Jika sudah mampir silahkan tinggalkan Pesan, Kritik atau Saran pada kolom komentar. Sebagai tanda persahabatan

Rabu, 16 Oktober 2013

KEBANGGAAN KECIL SI PEMIMPI



Sejak kecil aku ini adalah si pemimpi. Atau tepatnya si pengkhayal. Sama nggak sih kira-kira? Dulu aku kerap memimpikan alangkah enaknya jadi anak orang kaya. Punya baju bagus dan bisa kemana-mana naik mobil. Pingin bisa jalan-jalan di akhir pekan, karena aku ini gemar banget jalan-jalan. (Boleh nggak bermimpi seperti itu). Pingin banget bisa naik gunung, namun nggak pernah kesampaian karena ortu nggak pernah ngijinin. Namun karena semua itu nggak kesampaian, aku akhirnya hanya bisa bermimpi.

Dan mimpi-mimpi itu aku tuangkan ke dalam bentuk cerita. Ya, sejak dulu aku seneng sekali nulis cerita. Ceritanya tentang mimpi-mimpi aku yang tidak kesampaian. Begitu gilanya aku nulis cerita. Sampai-sampai saat pelajaran berlangsung kalau gurunya nggak asyik aku pasti sembunyi-sembunyi nulis cerita. Nulisnya bener-bener nulis.
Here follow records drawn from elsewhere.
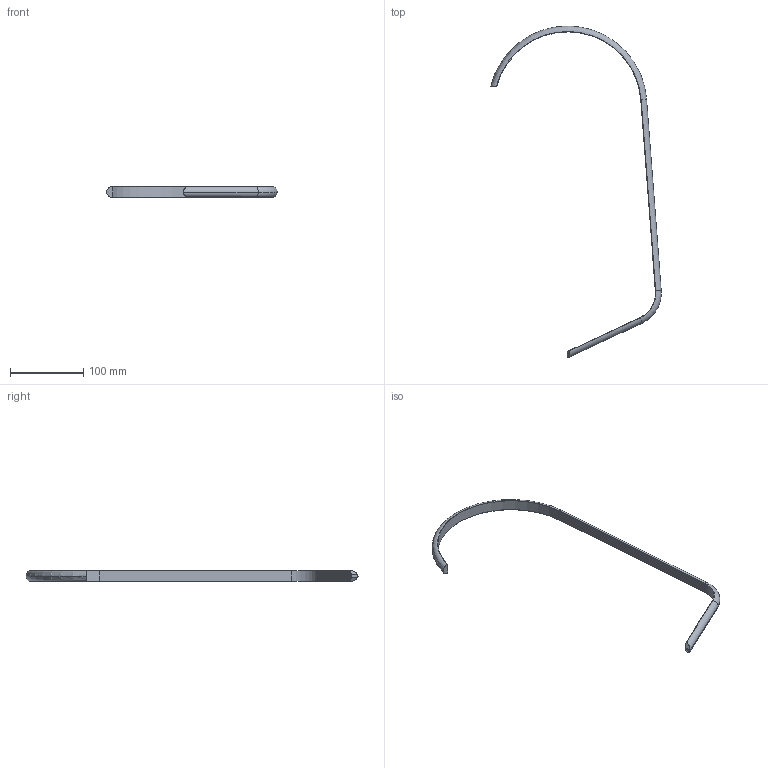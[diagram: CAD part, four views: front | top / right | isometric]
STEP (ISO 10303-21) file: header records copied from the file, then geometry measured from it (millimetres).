
FILE_DESCRIPTION(('CATIA V5 STEP','CAx-IF Rec.Pracs.--- Model Styling and Organization---1.5--- 2016-08-15','CAx-IF Rec.Pracs.---Supplemental Geometry---1.0---2011-11-01','CAx-IF Rec.Pracs.--- Composite Materials ---3.4---2017-06-13','CAx-IF Rec.Pracs.---External References---2.1---2005-01-19','CAx-IF Rec.Pracs.---Tessellated 3D Geometry---1.0---2015-12-17'),'2;1');
FILE_NAME('EE4_Outline_Balsa_4x_15x2mm.stp','2023-07-17T22:37:03+00:00',('none'),('none'),'CATIA Version 5-6 Release 2020 SP6','CATIA V5 STEP AP242 v2','none');
FILE_SCHEMA(('AP242_MANAGED_MODEL_BASED_3D_ENGINEERING_MIM_LF {1 0 10303 442 1 1 4}'));
Length unit declared in the file: millimetre
Products named in the file (1): EE4_Outline_Balsa_4x_15x2mm
Bounding box: 232.48 x 452.83 x 15 mm (x, y, z)
Volume: 68153.7 mm3; surface area: 28266.1 mm2
Topology: 1 solids, 1 shells, 18 faces, 45 edges, 29 vertices
Faces by surface type: plane 8, cylinder 6, torus 4
Entity records: 565 total; most frequent: CARTESIAN_POINT 126, ORIENTED_EDGE 90, DIRECTION 74, EDGE_CURVE 45, AXIS2_PLACEMENT_3D 35, VERTEX_POINT 29, VECTOR 22, LINE 22
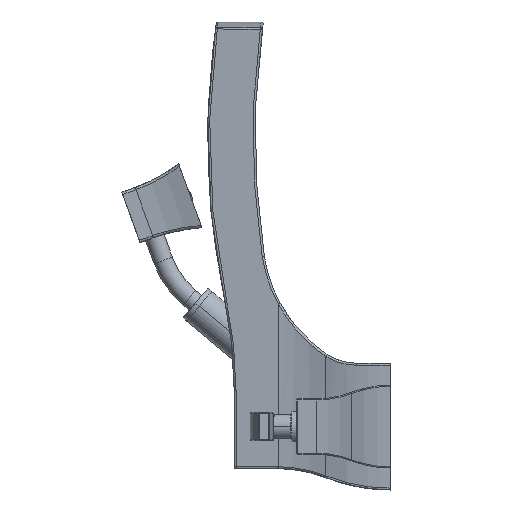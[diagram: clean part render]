
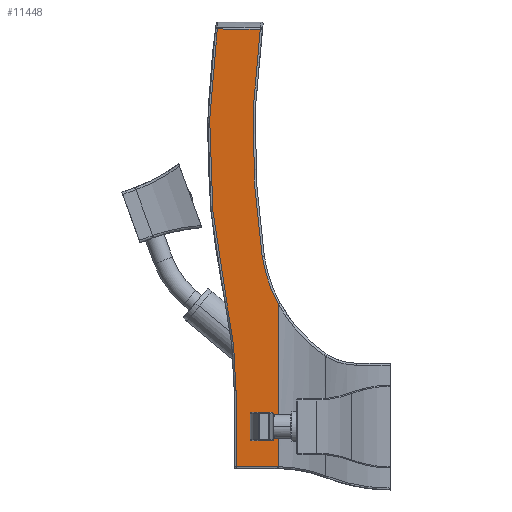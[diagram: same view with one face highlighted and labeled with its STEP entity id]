
A CAD part, left-side view. The second image highlights one B-rep face of the part: STEP entity #11448.
In plain terms, the highlighted planar face has unit normal (-0.998, 0.061, 0).
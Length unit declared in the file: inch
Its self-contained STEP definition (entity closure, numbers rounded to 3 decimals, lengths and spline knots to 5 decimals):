
#10084=DIRECTION('',(0.,0.,1.));
#10085=VECTOR('',#10084,4.18418);
#10086=CARTESIAN_POINT('',(-1.04036,2.87406,
-1.02908));
#10087=LINE('',#10086,#10085);
#10088=CARTESIAN_POINT('',(-1.04036,2.87406,
-1.02908));
#10220=CARTESIAN_POINT('',(-1.04036,2.87406,
3.1551));
#10238=CARTESIAN_POINT('',(-1.04036,2.87406,
3.1551));
#10239=CARTESIAN_POINT('',(-1.03622,2.94219,
3.28143));
#10240=CARTESIAN_POINT('',(-1.02887,3.06313,
3.53976));
#10241=CARTESIAN_POINT('',(-1.02054,3.20026,
3.94795));
#10242=CARTESIAN_POINT('',(-1.01693,3.25971,
4.2261));
#10243=CARTESIAN_POINT('',(-1.01559,3.28164,
4.36733));
#10257=CARTESIAN_POINT('',(-1.04036,2.87406,
-1.02908));
#10258=CARTESIAN_POINT('',(-1.04033,2.87457,
-1.02908));
#10259=CARTESIAN_POINT('',(-1.04027,2.87558,
-1.02908));
#10260=CARTESIAN_POINT('',(-1.04021,2.87659,
-1.02908));
#10261=CARTESIAN_POINT('',(-1.04017,2.87709,
-1.02908));
#10263=DIRECTION('',(-0.061,-0.998,0.));
#10264=VECTOR('',#10263,1.07792);
#10265=CARTESIAN_POINT('',(-0.9748,3.95303,
-1.02908));
#10266=LINE('',#10265,#10264);
#10372=CARTESIAN_POINT('',(-1.01559,3.28164,
4.36733));
#10373=CARTESIAN_POINT('',(-1.01198,3.34114,
4.75057));
#10374=CARTESIAN_POINT('',(-1.0061,3.43788,
5.51992));
#10375=CARTESIAN_POINT('',(-1.00135,3.51606,
6.68552));
#10376=CARTESIAN_POINT('',(-1.00073,3.52619,
7.85418));
#10377=CARTESIAN_POINT('',(-1.00426,3.4682,
9.02124));
#10378=CARTESIAN_POINT('',(-1.00933,3.38475,
9.79241));
#10379=CARTESIAN_POINT('',(-1.01254,3.33186,
10.17678));
#10431=CARTESIAN_POINT('',(-1.01254,3.33186,
10.17678));
#10432=CARTESIAN_POINT('',(-1.00513,3.45383,
10.17911));
#10433=CARTESIAN_POINT('',(-0.99029,3.698,
10.18373));
#10434=CARTESIAN_POINT('',(-0.96799,4.06501,
10.1905));
#10435=CARTESIAN_POINT('',(-0.9531,4.31018,
10.1949));
#10436=CARTESIAN_POINT('',(-0.94564,4.43289,
10.19708));
#10461=CARTESIAN_POINT('',(-0.94564,4.43289,
10.19708));
#10462=CARTESIAN_POINT('',(-0.94163,4.49887,
9.73483));
#10463=CARTESIAN_POINT('',(-0.93559,4.59826,
8.80721));
#10464=CARTESIAN_POINT('',(-0.93247,4.64955,
7.40174));
#10465=CARTESIAN_POINT('',(-0.93538,4.60165,
5.99603));
#10466=CARTESIAN_POINT('',(-0.9443,4.45487,
4.5976));
#10467=CARTESIAN_POINT('',(-0.95416,4.29264,
3.67918));
#10468=CARTESIAN_POINT('',(-0.96007,4.19542,
3.22266));
#10487=CARTESIAN_POINT('',(-0.96007,4.19542,
3.22266));
#10488=CARTESIAN_POINT('',(-0.96333,4.14168,
2.97033));
#10489=CARTESIAN_POINT('',(-0.96878,4.05211,
2.46336));
#10490=CARTESIAN_POINT('',(-0.9737,3.97103,
1.69342));
#10491=CARTESIAN_POINT('',(-0.9748,3.95303,
1.17891));
#10492=CARTESIAN_POINT('',(-0.9748,3.95303,
0.92092));
#10515=DIRECTION('',(0.,0.,-1.));
#10516=VECTOR('',#10515,1.95);
#10517=CARTESIAN_POINT('',(-0.9748,3.95303,
0.92092));
#10518=LINE('',#10517,#10516);
#10708=VERTEX_POINT('',#10220);
#10710=VERTEX_POINT('',#10243);
#10713=VERTEX_POINT('',#10379);
#10714=VERTEX_POINT('',#10436);
#10736=VERTEX_POINT('',#10088);
#10738=VERTEX_POINT('',#10261);
#10740=CARTESIAN_POINT('',(-0.9748,3.95303,
-1.02908));
#10741=VERTEX_POINT('',#10740);
#10756=CARTESIAN_POINT('',(-0.9748,3.95303,
0.92092));
#10757=VERTEX_POINT('',#10756);
#10758=VERTEX_POINT('',#10487);
#11425=CARTESIAN_POINT('',(-0.925,4.77256,-1.625));
#11426=DIRECTION('',(-0.998,0.061,0.));
#11427=DIRECTION('',(-0.061,-0.998,0.));
#11428=AXIS2_PLACEMENT_3D('',#11425,#11426,#11427);
#11429=PLANE('',#11428);
#11430=ORIENTED_EDGE('',*,*,#11416,.F.);
#11431=ORIENTED_EDGE('',*,*,#11108,.F.);
#11433=ORIENTED_EDGE('',*,*,#11432,.T.);
#11435=ORIENTED_EDGE('',*,*,#11434,.F.);
#11437=ORIENTED_EDGE('',*,*,#11436,.F.);
#11439=ORIENTED_EDGE('',*,*,#11438,.F.);
#11441=ORIENTED_EDGE('',*,*,#11440,.F.);
#11443=ORIENTED_EDGE('',*,*,#11442,.F.);
#11445=ORIENTED_EDGE('',*,*,#11444,.F.);
#11446=EDGE_LOOP('',(#11430,#11431,#11433,#11435,#11437,#11439,#11441,#11443,
#11445));
#11447=FACE_OUTER_BOUND('',#11446,.F.);
#11448=ADVANCED_FACE('',(#11447),#11429,.T.);
#10244=B_SPLINE_CURVE_WITH_KNOTS('',3,(#10238,#10239,#10240,#10241,#10242,
#10243),.UNSPECIFIED.,.F.,.F.,(4,1,1,4),(0.,0.33333,
0.66667,1.),.UNSPECIFIED.);
#10262=B_SPLINE_CURVE_WITH_KNOTS('',3,(#10257,#10258,#10259,#10260,#10261),
.UNSPECIFIED.,.F.,.F.,(4,1,4),(0.,0.5,1.),.UNSPECIFIED.);
#10380=B_SPLINE_CURVE_WITH_KNOTS('',3,(#10372,#10373,#10374,#10375,#10376,
#10377,#10378,#10379),.UNSPECIFIED.,.F.,.F.,(4,1,1,1,1,4),(0.,0.2,0.4,
0.6,0.8,1.),.UNSPECIFIED.);
#10437=B_SPLINE_CURVE_WITH_KNOTS('',3,(#10431,#10432,#10433,#10434,#10435,
#10436),.UNSPECIFIED.,.F.,.F.,(4,1,1,4),(0.,0.33333,
0.66667,1.),.UNSPECIFIED.);
#10469=B_SPLINE_CURVE_WITH_KNOTS('',3,(#10461,#10462,#10463,#10464,#10465,
#10466,#10467,#10468),.UNSPECIFIED.,.F.,.F.,(4,1,1,1,1,4),(0.,0.2,0.4,
0.6,0.8,1.),.UNSPECIFIED.);
#10493=B_SPLINE_CURVE_WITH_KNOTS('',3,(#10487,#10488,#10489,#10490,#10491,
#10492),.UNSPECIFIED.,.F.,.F.,(4,1,1,4),(0.,0.33333,
0.66667,1.),.UNSPECIFIED.);
#11108=EDGE_CURVE('',#10736,#10708,#10087,.T.);
#11416=EDGE_CURVE('',#10708,#10710,#10244,.T.);
#11432=EDGE_CURVE('',#10736,#10738,#10262,.T.);
#11434=EDGE_CURVE('',#10741,#10738,#10266,.T.);
#11436=EDGE_CURVE('',#10757,#10741,#10518,.T.);
#11438=EDGE_CURVE('',#10758,#10757,#10493,.T.);
#11440=EDGE_CURVE('',#10714,#10758,#10469,.T.);
#11442=EDGE_CURVE('',#10713,#10714,#10437,.T.);
#11444=EDGE_CURVE('',#10710,#10713,#10380,.T.);

Pakai tangan di buku pelajaran sekolah. Namun akhirnya aku sedia buku khusus buat nulis cerita nuangin mimpi-mimpi gilaku. Kalau sudah selesai dikasihin teman-teman untuk dibaca. Aku senang karena teman-temanku senang juga membaca lukisan mimpiku.

Pernah suatu ketika buku mimpiku dirampas sama guru. Wah, malu banget. Tapi pas buku mau aku ambil ke kantor Bu Guru malah bilang, “Belum selesai aku baca. Ntar ya kalau sudah selesai aku kembalikan.”

Wah, serasa mendapat angin baru. Jadi makin bersemangat menulis. Lalu aku pun punya mimpi baru. Pingin jadi penulis cerita kaya Gola Gong, Zarra Zetirra ZR, Ganda Pekasih, Benny Ramdani, Cahya Sadar yang namanya sering nongol di majalah remaja kesukaanku. Dari hanya bermimpi nulis di buku tulis, aku beranikan diri ngirim cerita hasil mimpiku ke majalah remaja kala itu. Hasilnya… semua ceritaku ditolak. Wah, pupus sudah mimpi-mimpiku. Jadi melempem seperti kerupuk tersiram air. Kata teman-teman itu salah satu kejelekan aku, gampang banget menyerah.

Dan karena ujian sekolah sudah dekat, aku putar mimpiku untuk kembali ke dunia nyata. Seperti harapan orang tua, tentunya aku harus lulus ujian dan bisa melanjutkan sekolah ke jenjang yang lebih tinggi. Untuk meraih gelar akademik yang nantinya bisa digunakan buat cari kerja. Waktu itu aku mengangankan untuk menjadi guru. Kenapa sih dari penulis ingin menjadi guru. Aku pun tak tahu. Namun yang terjadi, impianku di dunia nyata kembali kandas. Aku gagal kuliah. Karena ketiadaan biaya. Maklumlah, aku lahir di keluarga sederhana yang hanya punya mimpi-mimpi sederhana.


Sempat merasa galau menjadi makluk yang gagal. Karena merasa tak memiliki apapun untuk dibanggakan. Sempat galau kalau bertemu dengan teman-teman yang telah berhasil menjadi “orang”. Parahnya lagi itu membuatku berhenti untuk bermimpi. Aku jadi seperti berjalan di tempat. Terserah hidup hendak membawaku ke mana.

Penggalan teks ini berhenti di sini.